[Source records]
>>>

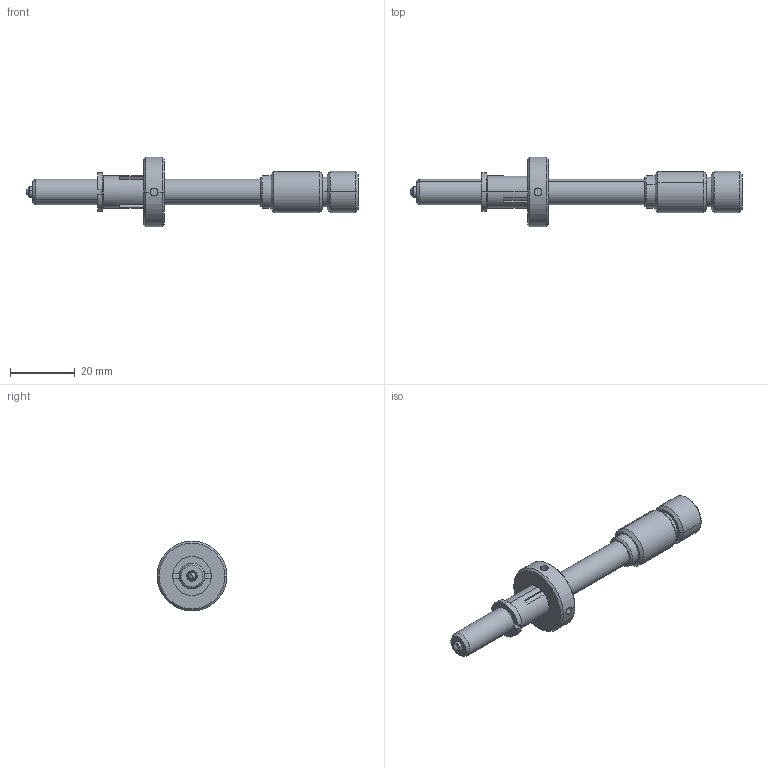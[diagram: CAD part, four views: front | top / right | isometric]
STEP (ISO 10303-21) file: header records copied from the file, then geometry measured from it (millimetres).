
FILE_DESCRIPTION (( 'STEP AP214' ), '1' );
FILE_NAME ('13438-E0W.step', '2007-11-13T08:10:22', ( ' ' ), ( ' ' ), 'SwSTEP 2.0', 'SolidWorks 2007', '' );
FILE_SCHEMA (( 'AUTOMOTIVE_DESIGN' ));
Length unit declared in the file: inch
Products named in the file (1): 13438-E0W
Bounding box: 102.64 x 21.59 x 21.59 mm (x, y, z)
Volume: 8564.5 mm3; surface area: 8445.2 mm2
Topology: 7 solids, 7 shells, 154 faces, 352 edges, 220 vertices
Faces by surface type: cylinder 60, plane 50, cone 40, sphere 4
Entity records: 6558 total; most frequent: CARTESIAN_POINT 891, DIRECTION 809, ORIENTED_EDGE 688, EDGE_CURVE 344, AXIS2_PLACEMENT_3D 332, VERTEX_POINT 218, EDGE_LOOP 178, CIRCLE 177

<<<

What is needed is an exact copy of the lines from the one containing "STEP (ISO 10303-21)" through the last line of the records, and nothing else.

#### [ANSWER]
STEP (ISO 10303-21) file: header records copied from the file, then geometry measured from it (millimetres).
FILE_DESCRIPTION (( 'STEP AP214' ), '1' );
FILE_NAME ('13438-E0W.step', '2007-11-13T08:10:22', ( ' ' ), ( ' ' ), 'SwSTEP 2.0', 'SolidWorks 2007', '' );
FILE_SCHEMA (( 'AUTOMOTIVE_DESIGN' ));
Length unit declared in the file: inch
Products named in the file (1): 13438-E0W
Bounding box: 102.64 x 21.59 x 21.59 mm (x, y, z)
Volume: 8564.5 mm3; surface area: 8445.2 mm2
Topology: 7 solids, 7 shells, 154 faces, 352 edges, 220 vertices
Faces by surface type: cylinder 60, plane 50, cone 40, sphere 4
Entity records: 6558 total; most frequent: CARTESIAN_POINT 891, DIRECTION 809, ORIENTED_EDGE 688, EDGE_CURVE 344, AXIS2_PLACEMENT_3D 332, VERTEX_POINT 218, EDGE_LOOP 178, CIRCLE 177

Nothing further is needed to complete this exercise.